SCHOTT AG Site Mitterteich (formerly SCHOTT-Rohrglas GmbH) in Mitterteich, Germany is one of the leading manufacturers of glass tubing. With more than 1000 employees, it is one of the largest employers in the  Tirschenreuth district as well as in the whole Northern Upper Palatine. The Mitterteich site is the largest location of the Business Segment Tubing of Schott AG. Other locations are in Mainz, Germany, Rio de Janeiro, Brazil, and Vadodara, India.

Company history
The history of glass production in Mitterteich dates back to 1883. In 1930 the glass factory in Mitterteich was affiliated to the Grünenplan factory of SCHOTT AG. In 1885 Otto Schott invented the chemically resistant borosilicate glass which was also produced in tubing form.

In 1911: a tubing glass was developed which was especially well suited for the production of ampoules. The glass was registered in 1911 under the trade name FIOLAX and is still today one of  SCHOTT AG most important products. After the Second World War, from 1947 to 1948 production of  FIOLAX glass tubing began in Mitterteich.

In 1961: SCHOTT decided to extend and modernize Mitterteich as the location for glass tubing production.

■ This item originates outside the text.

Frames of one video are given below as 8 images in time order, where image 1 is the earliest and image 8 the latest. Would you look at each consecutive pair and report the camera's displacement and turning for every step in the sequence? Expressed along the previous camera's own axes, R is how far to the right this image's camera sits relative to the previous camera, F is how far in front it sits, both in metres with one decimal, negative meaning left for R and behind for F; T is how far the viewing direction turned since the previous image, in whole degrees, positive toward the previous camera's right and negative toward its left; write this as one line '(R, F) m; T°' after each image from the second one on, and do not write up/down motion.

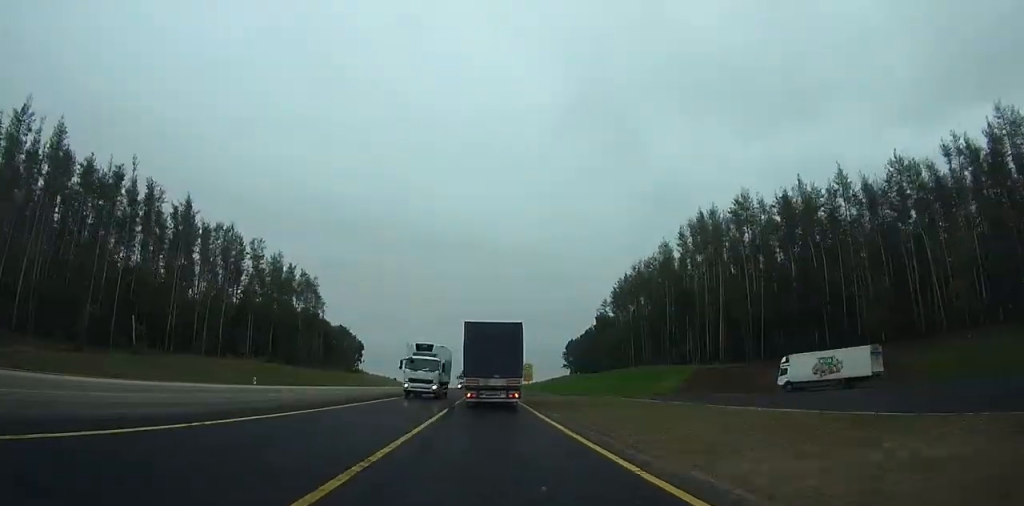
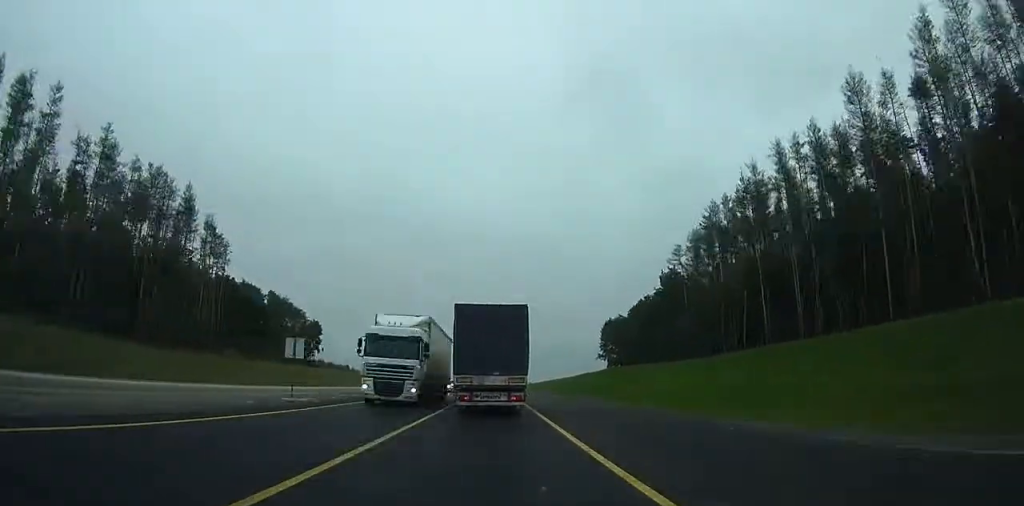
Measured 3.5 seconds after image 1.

In 1969: representatives of what is now Schott Glaswerke and the Glaswerke Ruhr AG agreed upon the foundation of Schott-Ruhrglas GmbH. 
The administration and sales departments of Schott-Ruhrglas were transferred to Bayreuth in 1972 which at that time was the official seat of the company.

In 1990: the company was renamed SCHOTT-Rohrglas.

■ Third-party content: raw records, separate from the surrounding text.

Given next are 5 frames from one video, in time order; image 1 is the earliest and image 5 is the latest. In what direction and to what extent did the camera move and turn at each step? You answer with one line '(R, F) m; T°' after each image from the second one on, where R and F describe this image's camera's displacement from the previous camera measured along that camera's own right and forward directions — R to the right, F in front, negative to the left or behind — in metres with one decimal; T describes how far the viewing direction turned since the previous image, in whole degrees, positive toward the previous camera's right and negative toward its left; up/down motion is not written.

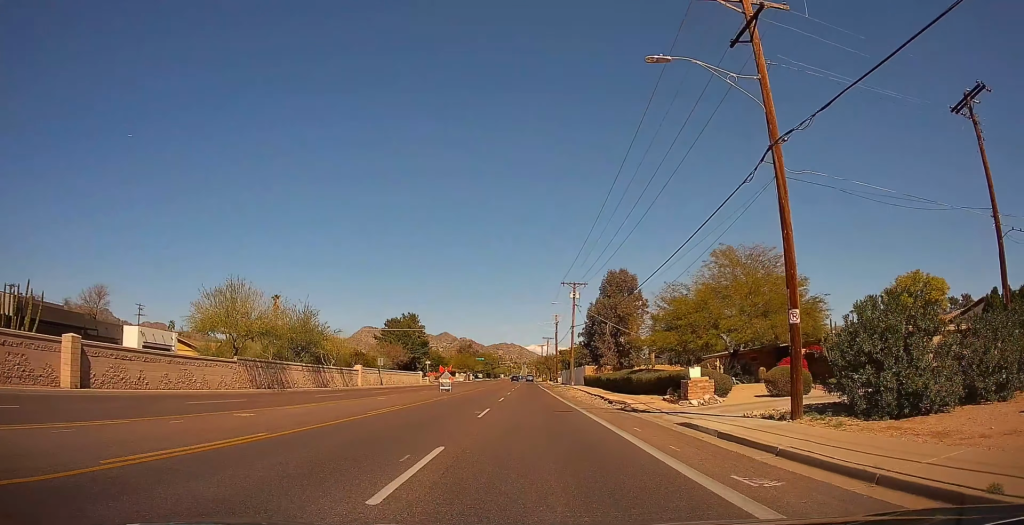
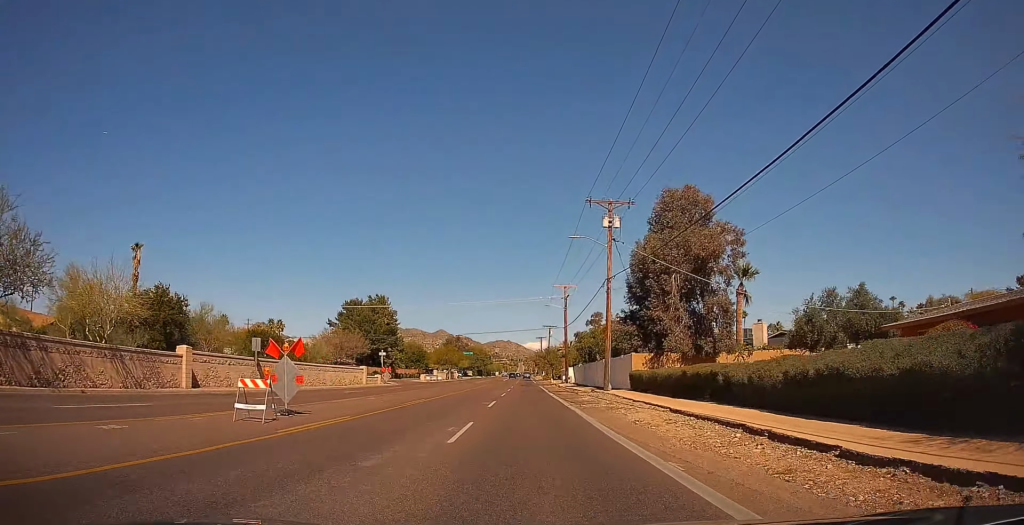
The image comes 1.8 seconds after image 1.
(0.0, +31.4) m; -1°
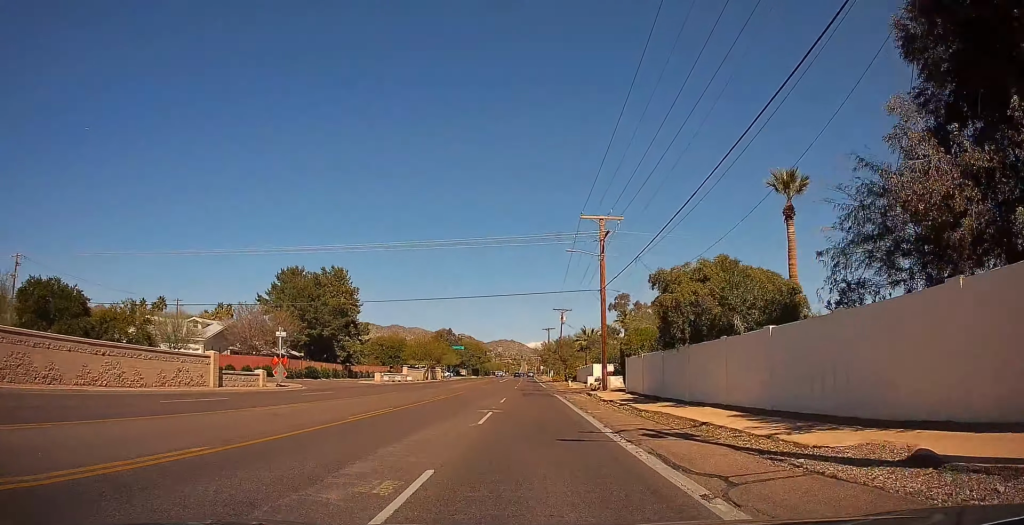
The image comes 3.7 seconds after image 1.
(+0.7, +32.3) m; +1°
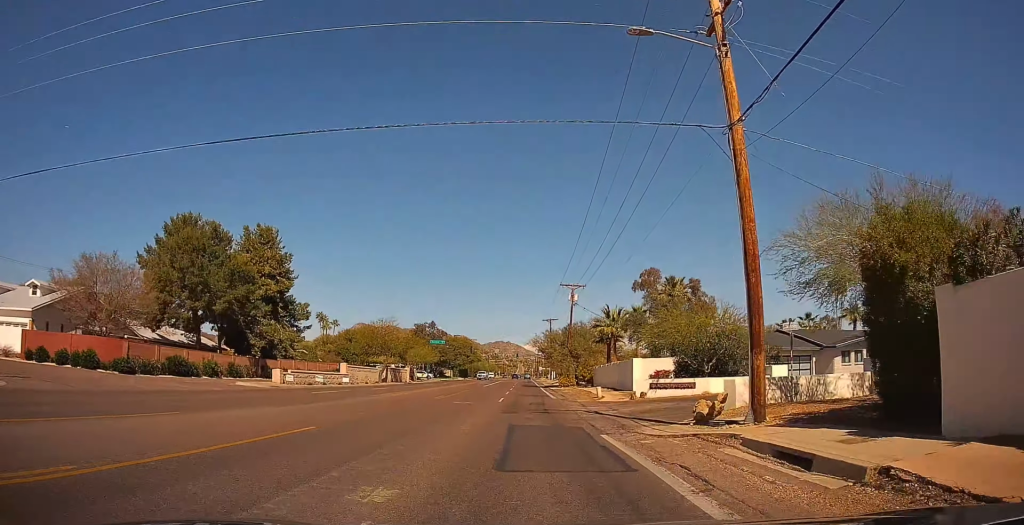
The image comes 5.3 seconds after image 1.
(-0.6, +27.4) m; -2°
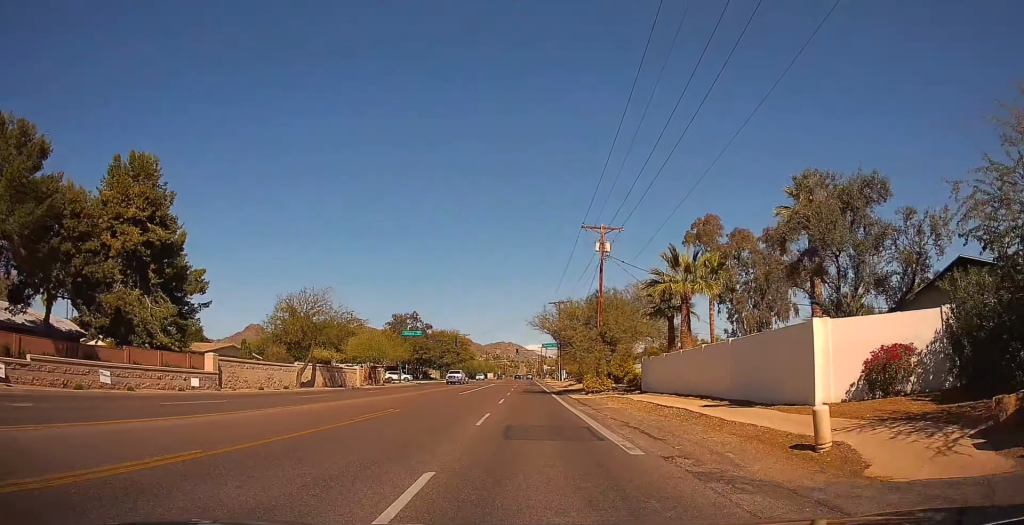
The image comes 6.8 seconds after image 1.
(0.0, +26.2) m; 0°

In 2001: a new administrative building was put into operation in Mitterteich and the locations Bayreuth and Mitterteich were merged in Mitterteich.

Products
The company produces glass tubing, rods and profiles from approx. sixty special glass types. The tubing is produced in outside diameters of 0.8 mm to 460 mm in lengths of 0.3 mm to 10 meters.
In addition to the classical product ranges, technical tubing (e.g. DURAN) and pharmaceutical tubing (e.g. FIOLAX), backlight glasses and tubing for solar heat (receiver tubes for solar power stations) as well as algae production in tubular photobioreactors are becoming increasingly important.
The glass tubing is processed for a variety of applications, for example in pharmaceutics, chemistry, lighting (e.g. halogen lamps, UV lamps), environmental technology or microelectronics.
With an annual capacity of 65.000 tons, SCHOTT-Rohrglas GmbH is the biggest location of the Business Segment Tubing in the SCHOTT Group.